= Clobber =

Abstract strategy game

Clobber is an abstract strategy game invented in 2001 by combinatorial game theorists Michael H. Albert, J.P. Grossman and Richard Nowakowski. It has subsequently been studied by Elwyn Berlekamp and Erik Demaine among others. Since 2005, it has been one of the events in the Computer Olympiad.

==Details==
Clobber is best played with two players and takes an average of 15 minutes to play. It is suggested for ages 8 and up. It is typically played on a rectangular white and black checkerboard. Players take turns to move one of their own pieces onto an orthogonally adjacent opposing piece, removing it from the game. The winner of the game is the player who makes the last move (i.e. whose opponent cannot move).

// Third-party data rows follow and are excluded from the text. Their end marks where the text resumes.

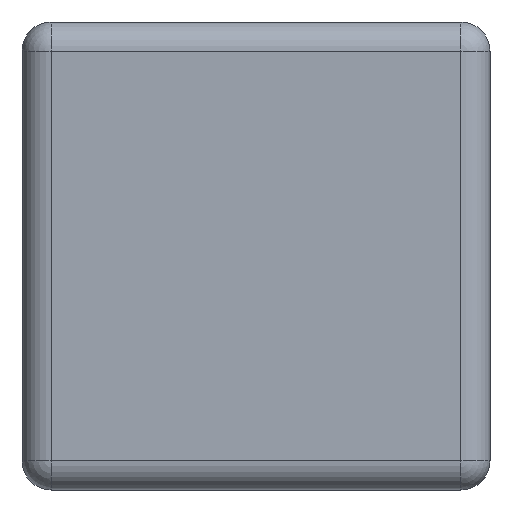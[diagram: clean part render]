
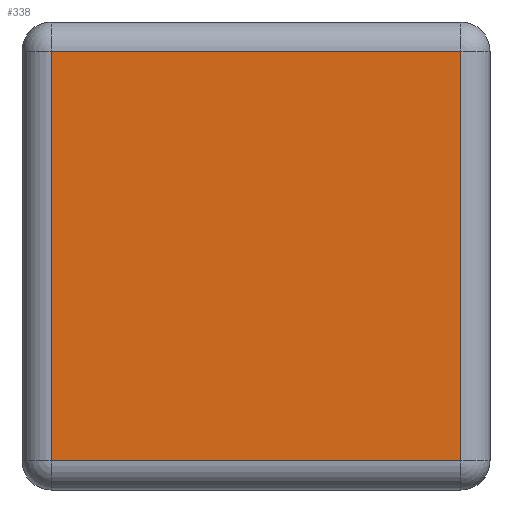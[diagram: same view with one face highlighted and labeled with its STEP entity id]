
A CAD part, front view. The second image highlights one B-rep face of the part: STEP entity #338.
In plain terms, the highlighted planar face has unit normal (0, -1, 0).
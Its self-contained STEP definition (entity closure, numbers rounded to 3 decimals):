
#64=ORIENTED_EDGE('',*,*,#160,.T.);
#65=ORIENTED_EDGE('',*,*,#161,.T.);
#66=ORIENTED_EDGE('',*,*,#162,.T.);
#67=ORIENTED_EDGE('',*,*,#163,.T.);
#160=EDGE_CURVE('',#208,#209,#232,.F.);
#161=EDGE_CURVE('',#209,#210,#233,.F.);
#162=EDGE_CURVE('',#210,#211,#234,.T.);
#163=EDGE_CURVE('',#211,#208,#235,.T.);
#208=VERTEX_POINT('',#556);
#209=VERTEX_POINT('',#557);
#210=VERTEX_POINT('',#559);
#211=VERTEX_POINT('',#561);
#232=LINE('',#555,#256);
#233=LINE('',#558,#257);
#234=LINE('',#560,#258);
#235=LINE('',#562,#259);
#256=VECTOR('',#431,1000.);
#257=VECTOR('',#432,1000.);
#258=VECTOR('',#433,1000.);
#259=VECTOR('',#434,1000.);
#280=EDGE_LOOP('',(#64,#65,#66,#67));
#306=FACE_BOUND('',#280,.T.);
#332=PLANE('',#377);
#338=ADVANCED_FACE('',(#306),#332,.F.);
#377=AXIS2_PLACEMENT_3D('',#554,#429,#430);
#429=DIRECTION('',(0.,1.,0.));
#430=DIRECTION('',(0.,0.,1.));
#431=DIRECTION('',(0.,0.,1.));
#432=DIRECTION('',(-1.,0.,0.));
#433=DIRECTION('',(0.,0.,1.));
#434=DIRECTION('',(-1.,0.,0.));
#554=CARTESIAN_POINT('',(0.,-68.2,0.));
#555=CARTESIAN_POINT('',(-1.4,-68.2,-1.4));
#556=CARTESIAN_POINT('',(-1.4,-68.2,1.4));
#557=CARTESIAN_POINT('',(-1.4,-68.2,-1.4));
#558=CARTESIAN_POINT('',(1.4,-68.2,-1.4));
#559=CARTESIAN_POINT('',(1.4,-68.2,-1.4));
#560=CARTESIAN_POINT('',(1.4,-68.2,1.4));
#561=CARTESIAN_POINT('',(1.4,-68.2,1.4));
#562=CARTESIAN_POINT('',(-1.4,-68.2,1.4));

To start the game, each of the squares on the checkerboard is occupied by a stone. White stones are placed on the white squares and black stones on the black squares. To move, the player must pick up one of his or her own stones and "clobber" an opponent's stone on an adjacent square, either horizontally or vertically. Once the opponent's stone is clobbered, it must then be removed from the board and replaced by the stone that was moved. The player who, on their turn, is unable to move, loses the game.

==Variants==
In computational play (e.g., Computer Olympiad), clobber is generally played on a 10x10 board. There are also variations in the initial layout of the pieces. Another variant is Cannibal Clobber, where a stone may not only capture stones of the opponent but also other stones of its owner. An advantage of Cannibal Clobber over Clobber is that a player may not only win, but win by a non-trivial margin. Cannibal Clobber was proposed in the summer of 2003 by Ingo Althoefer. Another variant, also proposed by Ingo Althoefer in 2015, is San Jego: Here the pieces are not clobbered, but stacked to towers. Each tower belongs to the player with the piece on its top. At the end the player with the highest tower is declared winner. Draws are possible.